Hyperlink profiteers enjoying their unlawful gains for one last time
The judgment did not, however, give everyone a free pass: "In contrast, where it is established that such a person knew or ought to have known that the hyperlink he posted provides access to a work illegally placed on the internet, for example owing to the fact that he was notified thereof by the copyright holders, it is necessary to consider that the provision of that link constitutes a ‘communication to the public’ within the meaning of Article 3(1)". This makes sense, and would offer a safe harbor for those who were notified of any infringing content, especially if it had been placed there without the express authorization of the rightsholding party. The Court also put the onus on checking the content on those who gained a profit from sharing hyperlinks to other websites: "...it can be expected that the person who posted such a link carries out the necessary checks to ensure that the work concerned is not illegally published on the website to which those hyperlinks lead, so that it must be presumed that that posting has occurred with the full knowledge of the protected nature of that work and the possible lack of consent to publication on the internet by the copyright holder. In such circumstances, and in so far as that rebuttable presumption is not rebutted, the act of posting a hyperlink to a work which was illegally placed on the internet constitutes a ‘communication to the public’ within the meaning of Article 3(1)". Knowledge, or presumed knowledge, is key here, and clearly the Court wants to curtail profiteers who would use this 'loophole' for their own benefit by sharing links to infringing, unauthorized content.

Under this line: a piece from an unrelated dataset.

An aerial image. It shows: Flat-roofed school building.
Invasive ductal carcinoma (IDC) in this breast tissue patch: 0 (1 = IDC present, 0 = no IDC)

The Court then finally summarized their findings to the questions posed: "...the answer to the questions raised is that Article 3(1) of Directive 2001/29 must be interpreted as meaning that, in order to establish whether the fact of posting, on a website, hyperlinks to protected works, which are freely available on another website without the consent of the copyright holder, constitutes a ‘communication to the public’ within the meaning of that provision, it is to be determined whether those links are provided without the pursuit of financial gain by a person who did not know or could not reasonably have known the illegal nature of the publication of those works on that other website or whether, on the contrary, those links are provided for such a purpose, a situation in which that knowledge must be presumed".

The decision is a very interesting one, and this writer had been waiting for it for some time. What seems surprising is the emphasis of financial gain, but it makes sense, as often those who do not pursue pure monetary gains will be more honestly ignorant to the content  they have shared than those who aim to profit from it (often knowing full well what they are sharing, as it is the source of their users).